E, pra terminar (Ah, mas já? Que pena...), "Boa Noite Brasil". Uma das letras mais legais do CD, mostrando como o guitarrista John está cada vez mais se especializando como compositor John. Quem faz música sabe o quanto é difícil escrever letras que contam uma historinha completa, com início, meio e fim. E essa canção conta a história de um apresentador de telejornal (é engraçado imaginar o William Bonner como o personagem da história) que erra, ficando "pê da vida" com todo mundo e mandando meio mundo longe. Essa música também conta com a única participação especial do álbum, a cantora portuguesa Manuela Azevedo, que também é líder de uma banda lá em Portugal, chamada Clã. Uma boa escolha, por sinal, já que as vozes das duas moças (ela e Fernanda Takai) soam muito bem juntas e o sotaque português dá um charme legal ao som.

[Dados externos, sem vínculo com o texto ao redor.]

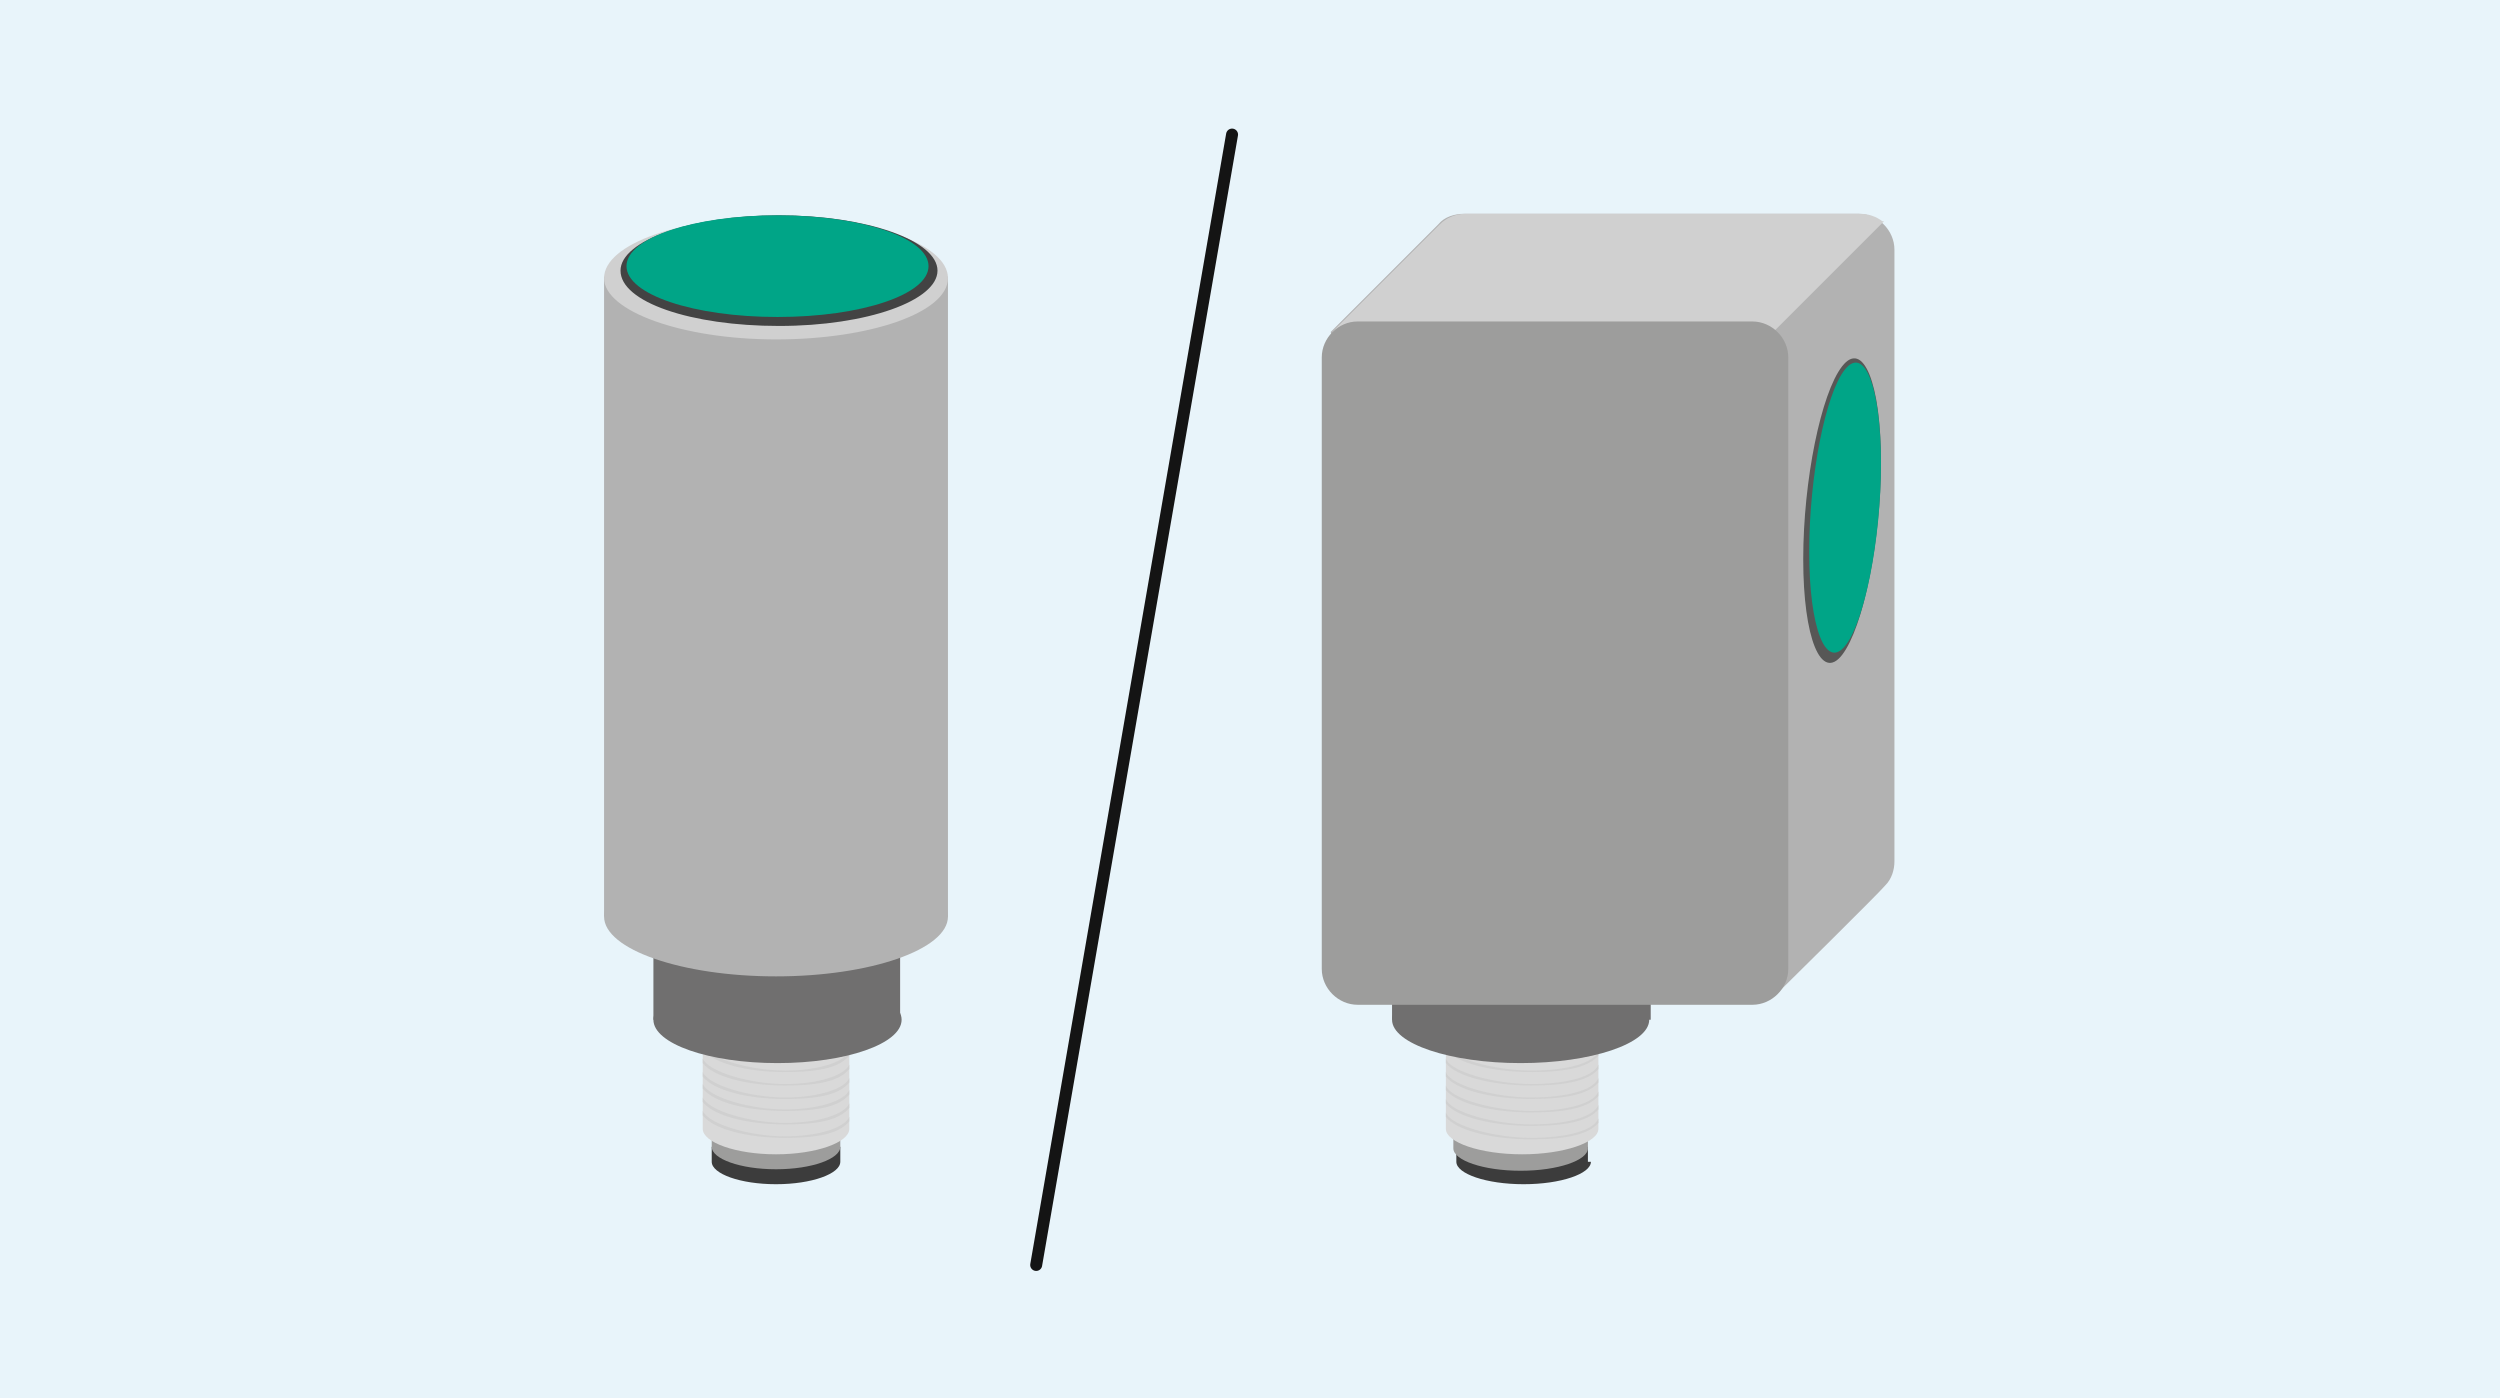 <?xml version="1.0" encoding="UTF-8"?><svg xmlns="http://www.w3.org/2000/svg" version="1.1" xmlns:xlink="http://www.w3.org/1999/xlink" viewBox="0 0 167.2 93.5"><defs><clipPath id="clippath"><rect x="40.4" y="14.4" width="23" height="64.8" fill="none"/></clipPath><clipPath id="clippath-1"><rect x="40.4" y="14.4" width="23" height="64.8" fill="none"/></clipPath><clipPath id="clippath-2"><rect x="40.4" y="14.4" width="23" height="64.8" fill="none"/></clipPath><clipPath id="clippath-3"><rect x="47" y="74.3" width="9.8" height="1.9" fill="none"/></clipPath><clipPath id="clippath-4"><rect x="47" y="73.4" width="9.8" height="1.9" fill="none"/></clipPath><clipPath id="clippath-5"><rect x="47" y="72.5" width="9.8" height="1.9" fill="none"/></clipPath><clipPath id="clippath-6"><rect x="47" y="71.7" width="9.8" height="1.9" fill="none"/></clipPath><clipPath id="clippath-7"><rect x="47" y="70.8" width="9.8" height="1.9" fill="none"/></clipPath><clipPath id="clippath-8"><rect x="47" y="69.9" width="9.8" height="1.9" fill="none"/></clipPath><clipPath id="clippath-9"><rect x="47" y="69" width="9.8" height="1.9" fill="none"/></clipPath><clipPath id="clippath-10"><rect x="47" y="68.2" width="9.8" height="1.9" fill="none"/></clipPath><clipPath id="clippath-11"><rect x="47" y="67.3" width="9.8" height="1.9" fill="none"/></clipPath><clipPath id="clippath-12"><rect x="88.3" y="14.3" width="38.5" height="64.9" fill="none"/></clipPath><clipPath id="clippath-13"><rect x="88.3" y="14.3" width="38.5" height="64.9" fill="none"/></clipPath><clipPath id="clippath-14"><rect x="88.3" y="14.3" width="38.5" height="64.9" fill="none"/></clipPath><clipPath id="clippath-15"><rect x="96.7" y="74.4" width="10.2" height="1.9" fill="none"/></clipPath><clipPath id="clippath-16"><rect x="96.7" y="73.5" width="10.2" height="1.9" fill="none"/></clipPath><clipPath id="clippath-17"><rect x="96.7" y="72.6" width="10.2" height="1.9" fill="none"/></clipPath><clipPath id="clippath-18"><rect x="96.7" y="71.7" width="10.2" height="1.9" fill="none"/></clipPath><clipPath id="clippath-19"><rect x="96.7" y="70.8" width="10.2" height="1.9" fill="none"/></clipPath><clipPath id="clippath-20"><rect x="96.7" y="70" width="10.2" height="1.9" fill="none"/></clipPath><clipPath id="clippath-21"><rect x="96.7" y="69.1" width="10.2" height="1.9" fill="none"/></clipPath><clipPath id="clippath-22"><rect x="96.7" y="68.2" width="10.2" height="1.9" fill="none"/></clipPath><clipPath id="clippath-23"><rect x="96.7" y="67.3" width="10.2" height="1.9" fill="none"/></clipPath></defs><!--Generator: Adobe Illustrator 28.7.2, SVG Export Plug-In . SVG Version: 1.2.0 Build 154)--><g><g id="Ebene_1"><g isolation="isolate"><g id="BG"><rect y="0" width="167.2" height="93.5" fill="#e8f4fa"/></g><g id="Illu"><g id="Bildmaterial_2"><g clip-path="url(#clippath)"><g clip-path="url(#clippath-1)"><g clip-path="url(#clippath-2)"><g><path d="M56.2,77.7v-1h-1c-.8-.3-2-.5-3.3-.5s-2.5.2-3.3.5h-1v1c0,.8,1.9,1.5,4.3,1.5s4.3-.7,4.3-1.5h0Z" fill="#3c3c3c"/><path d="M56.2,76.7v-1.3h-2.1c-.6-.1-1.4-.2-2.2-.2s-1.6,0-2.2.2h-2.1v1.3c0,.8,1.9,1.5,4.3,1.5s4.3-.7,4.3-1.5h0Z" fill="#9d9d9c"/><path d="M47,67.8v7.7c0,.9,2.2,1.7,4.9,1.7s4.9-.8,4.9-1.7h0v-7.7h-9.8Z" fill="#d9d9d9"/><g mix-blend-mode="multiply"><g clip-path="url(#clippath-3)"><path d="M56.8,74.7c-.3.7-2,1.3-4.3,1.3s-5.1-.8-5.5-1.7h0v.3c.7.9,2.9,1.5,5.5,1.5s3.7-.4,4.3-1.1v-.3Z" fill="#d0d0d0"/></g></g><g mix-blend-mode="multiply"><g clip-path="url(#clippath-4)"><path d="M56.8,73.8c-.3.7-2,1.3-4.3,1.3s-5.1-.8-5.5-1.7h0v.3c.7.9,2.9,1.5,5.5,1.5s3.7-.4,4.3-1.1v-.3Z" fill="#d0d0d0"/></g></g><g mix-blend-mode="multiply"><g clip-path="url(#clippath-5)"><path d="M56.8,72.9c-.3.7-2,1.3-4.3,1.3s-5.1-.8-5.5-1.7h0v.3c.7.9,2.9,1.5,5.5,1.5s3.7-.4,4.3-1.1v-.3Z" fill="#d0d0d0"/></g></g><g mix-blend-mode="multiply"><g clip-path="url(#clippath-6)"><path d="M56.8,72.1c-.3.7-2,1.3-4.3,1.3s-5.1-.8-5.5-1.7h0v.3c.7.9,2.9,1.5,5.5,1.5s3.7-.4,4.3-1.1v-.3Z" fill="#d0d0d0"/></g></g><g mix-blend-mode="multiply"><g clip-path="url(#clippath-7)"><path d="M56.8,71.2c-.3.7-2,1.3-4.3,1.3s-5.1-.8-5.5-1.7h0v.3c.7.9,2.9,1.5,5.5,1.5s3.7-.4,4.3-1.1v-.3Z" fill="#d0d0d0"/></g></g><g mix-blend-mode="multiply"><g clip-path="url(#clippath-8)"><path d="M56.8,70.3c-.3.7-2,1.3-4.3,1.3s-5.1-.8-5.5-1.7h0v.3c.7.9,2.9,1.5,5.5,1.5s3.7-.4,4.3-1.1v-.3Z" fill="#d0d0d0"/></g></g><g mix-blend-mode="multiply"><g clip-path="url(#clippath-9)"><path d="M56.8,69.4c-.3.7-2,1.3-4.3,1.3s-5.1-.8-5.5-1.7h0v.3c.7.9,2.9,1.5,5.5,1.5s3.7-.4,4.3-1.1v-.3Z" fill="#c6c6c6"/></g></g><g mix-blend-mode="multiply"><g clip-path="url(#clippath-10)"><path d="M56.8,68.5c-.3.7-2,1.3-4.3,1.3s-5.1-.8-5.5-1.7h0v.3c.7.9,2.9,1.5,5.5,1.5s3.7-.4,4.3-1.1v-.3Z" fill="#c6c6c6"/></g></g><g mix-blend-mode="multiply"><g clip-path="url(#clippath-11)"><path d="M56.8,67.7c-.3.7-2,1.3-4.3,1.3s-5.1-.8-5.5-1.7h0v.3c.7.9,2.9,1.5,5.5,1.5s3.7-.4,4.3-1.1v-.3Z" fill="#c6c6c6"/></g></g><rect x="43.7" y="56.1" width="16.5" height="12.1" fill="#706f6f"/><path d="M43.7,68.2c0-1.6,3.7-2.9,8.3-2.9s8.3,1.3,8.3,2.9-3.7,2.9-8.3,2.9-8.3-1.3-8.3-2.9" fill="#706f6f"/><path d="M40.4,61.3c0,2.2,5.2,4,11.5,4s11.5-1.8,11.5-4-5.2-4-11.5-4-11.5,1.8-11.5,4" fill="#b2b2b2"/><rect x="40.4" y="18.5" width="23" height="42.8" fill="#b2b2b2"/><path d="M40.4,18.6c0,2.2,5.2,4.1,11.5,4.1s11.5-1.8,11.5-4.1-5.2-4.1-11.5-4.1-11.5,1.8-11.5,4.1" fill="#d0d0d0"/><path d="M41.5,18.1c0,2.1,4.7,3.7,10.6,3.7s10.6-1.7,10.6-3.7-4.7-3.7-10.6-3.7-10.6,1.7-10.6,3.7" fill="#434343"/><path d="M41.9,17.8c0,1.9,4.5,3.4,10.1,3.4s10.1-1.5,10.1-3.4-4.5-3.4-10.1-3.4-10.1,1.5-10.1,3.4" fill="#00a587"/></g></g></g></g></g><g id="Bildmaterial_1"><g clip-path="url(#clippath-12)"><g clip-path="url(#clippath-13)"><g clip-path="url(#clippath-14)"><g><path d="M106.2,77.7v-1h-1c-.8-.3-2-.5-3.4-.5s-2.6.2-3.4.5h-1v1c0,.8,2,1.5,4.5,1.5s4.5-.7,4.5-1.5h-.2Z" fill="#3c3c3c"/><path d="M106.2,76.8v-1.3h-2.2c-.7-.1-1.5-.2-2.3-.2s-1.6,0-2.3.2h-2.2v1.3c0,.8,2,1.5,4.5,1.5s4.5-.7,4.5-1.5h0" fill="#9d9d9c"/><path d="M96.7,67.8v7.7c0,.9,2.3,1.7,5.1,1.7s5.1-.8,5.1-1.7v-7.7h-10.2Z" fill="#d9d9d9"/><g mix-blend-mode="multiply"><g clip-path="url(#clippath-15)"><path d="M106.9,74.8c-.3.8-2.1,1.3-4.5,1.3s-5.4-.8-5.7-1.7h0v.3c.7.9,3.1,1.5,5.7,1.5s3.9-.4,4.5-1.1v-.3Z" fill="#d0d0d0"/></g></g><g mix-blend-mode="multiply"><g clip-path="url(#clippath-16)"><path d="M106.9,73.9c-.3.8-2.1,1.3-4.5,1.3s-5.4-.8-5.7-1.7h0v.3c.7.9,3.1,1.5,5.7,1.5s3.9-.4,4.5-1.1v-.3Z" fill="#d0d0d0"/></g></g><g mix-blend-mode="multiply"><g clip-path="url(#clippath-17)"><path d="M106.9,73c-.3.8-2.1,1.3-4.5,1.3s-5.4-.8-5.7-1.7h0v.3c.7.9,3.1,1.5,5.7,1.5s3.9-.4,4.5-1.1v-.3Z" fill="#d0d0d0"/></g></g><g mix-blend-mode="multiply"><g clip-path="url(#clippath-18)"><path d="M106.9,72.1c-.3.8-2.1,1.3-4.5,1.3s-5.4-.8-5.7-1.7h0v.3c.7.9,3.1,1.5,5.7,1.5s3.9-.4,4.5-1.1v-.3Z" fill="#d0d0d0"/></g></g><g mix-blend-mode="multiply"><g clip-path="url(#clippath-19)"><path d="M106.9,71.2c-.3.8-2.1,1.3-4.5,1.3s-5.4-.8-5.7-1.7h0v.3c.7.9,3.1,1.5,5.7,1.5s3.9-.4,4.5-1.1v-.3Z" fill="#d0d0d0"/></g></g><g mix-blend-mode="multiply"><g clip-path="url(#clippath-20)"><path d="M106.9,70.3c-.3.8-2.1,1.3-4.5,1.3s-5.4-.8-5.7-1.7h0v.3c.7.9,3.1,1.5,5.7,1.5s3.9-.4,4.5-1.1v-.3Z" fill="#d0d0d0"/></g></g><g mix-blend-mode="multiply"><g clip-path="url(#clippath-21)"><path d="M106.9,69.5c-.3.8-2.1,1.3-4.5,1.3s-5.4-.8-5.7-1.7h0v.3c.7.9,3.1,1.5,5.7,1.5s3.9-.4,4.5-1.1v-.3Z" fill="#c6c6c6"/></g></g><g mix-blend-mode="multiply"><g clip-path="url(#clippath-22)"><path d="M106.9,68.6c-.3.8-2.1,1.3-4.5,1.3s-5.4-.8-5.7-1.7h0v.3c.7.9,3.1,1.5,5.7,1.5s3.9-.4,4.5-1.1v-.3Z" fill="#c6c6c6"/></g></g><g mix-blend-mode="multiply"><g clip-path="url(#clippath-23)"><path d="M106.9,67.7c-.3.8-2.1,1.3-4.5,1.3s-5.4-.8-5.7-1.7h0v.3c.7.9,3.1,1.5,5.7,1.5s3.9-.4,4.5-1.1v-.3Z" fill="#c6c6c6"/></g></g><rect x="93.1" y="56.1" width="17.3" height="12.1" fill="#706f6f"/><path d="M93.1,68.2c0-1.6,3.9-2.9,8.6-2.9s8.6,1.3,8.6,2.9-3.9,2.9-8.6,2.9-8.6-1.3-8.6-2.9" fill="#706f6f"/><path d="M118.9,66.4l-21-8.9c-1.3,0-2.4-1.1-2.4-2.4l-6.5-32.9s6.8-6.8,7.2-7.2c.4-.5,1.1-.7,1.7-.7h26.4c1.3,0,2.4,1.1,2.4,2.4v40.9c0,.6-.2,1.2-.6,1.6-.4.5-7.2,7.2-7.2,7.2" fill="#b2b2b2"/><path d="M125.9,14.8c-.4-.3-.9-.5-1.5-.5h-26.4c-.7,0-1.3.3-1.7.7-.4.4-7.2,7.2-7.2,7.2l.5,2.7h26.3l10.1-10.1h-.1Z" fill="#d0d0d0"/><path d="M117.2,67.2h-26.4c-1.3,0-2.4-1.1-2.4-2.4V23.9c0-1.3,1.1-2.4,2.4-2.4h26.4c1.3,0,2.4,1.1,2.4,2.4v40.9c0,1.3-1.1,2.4-2.4,2.4" fill="#9d9d9c"/><path d="M123.2,24.5c-1.4,1.8-2.6,7.6-2.6,12.9s1.2,8.2,2.6,6.4,2.6-7.6,2.6-12.9-1.2-8.2-2.6-6.4" fill="#575756"/><path d="M123.4,24.7c-1.3,1.6-2.4,7.1-2.4,12.2s1.1,7.9,2.4,6.3c1.3-1.6,2.4-7.1,2.4-12.2s-1.1-7.9-2.4-6.3" fill="#00a587"/></g></g></g></g></g><line x1="69.3" y1="84.6" x2="82.4" y2="9" fill="none" stroke="#141414" stroke-linecap="round" stroke-miterlimit="10" stroke-width=".8"/></g></g></g></g></svg>

"Toda Cura Para Todo Mal" termina com a inevitável vontade de voltar a ser ouvido. Parece que depois de assinar a produção de álbuns como "Let It Bed", do ex-Mutantes Arnaldo Baptista, e da banda gaúcha Wonkavision (que eu também resenhei aqui), entre outros, o John definitivamente pegou o jeito da coisa. Tanto que esse é o primeiro CD do Pato Fu no qual ele assina a produção sozinho. E o resultado é um álbum para ficar sempre perto do rádio. Ouça no volume máximo. 
 | tanita wrote on Jun 27, '05, edited on Jun 27, '05 Se eu tivesse uma banda, contrataria o Fábio pra fazer resenhas e venderia muitos discos! Sério, Fábio, você convenceu a mim - não ao meu bolso, mas pelo menos a mim - a comprar esse CD. Se quiser levar uma conversa com o bolso, fique à vontade. :) |
 | Ó ceus! Não sei como alguém que nem tinha interesse no CD leu uma resenha desse tamanho! heheh!!
Conclusão um: eu preciso escrever resenhas menores! Conclusão dois: tu não tem mais o que fazer! Hehehehe!! |
 | Hunft... Seu ingrato! Eu li tudo porque você pediu!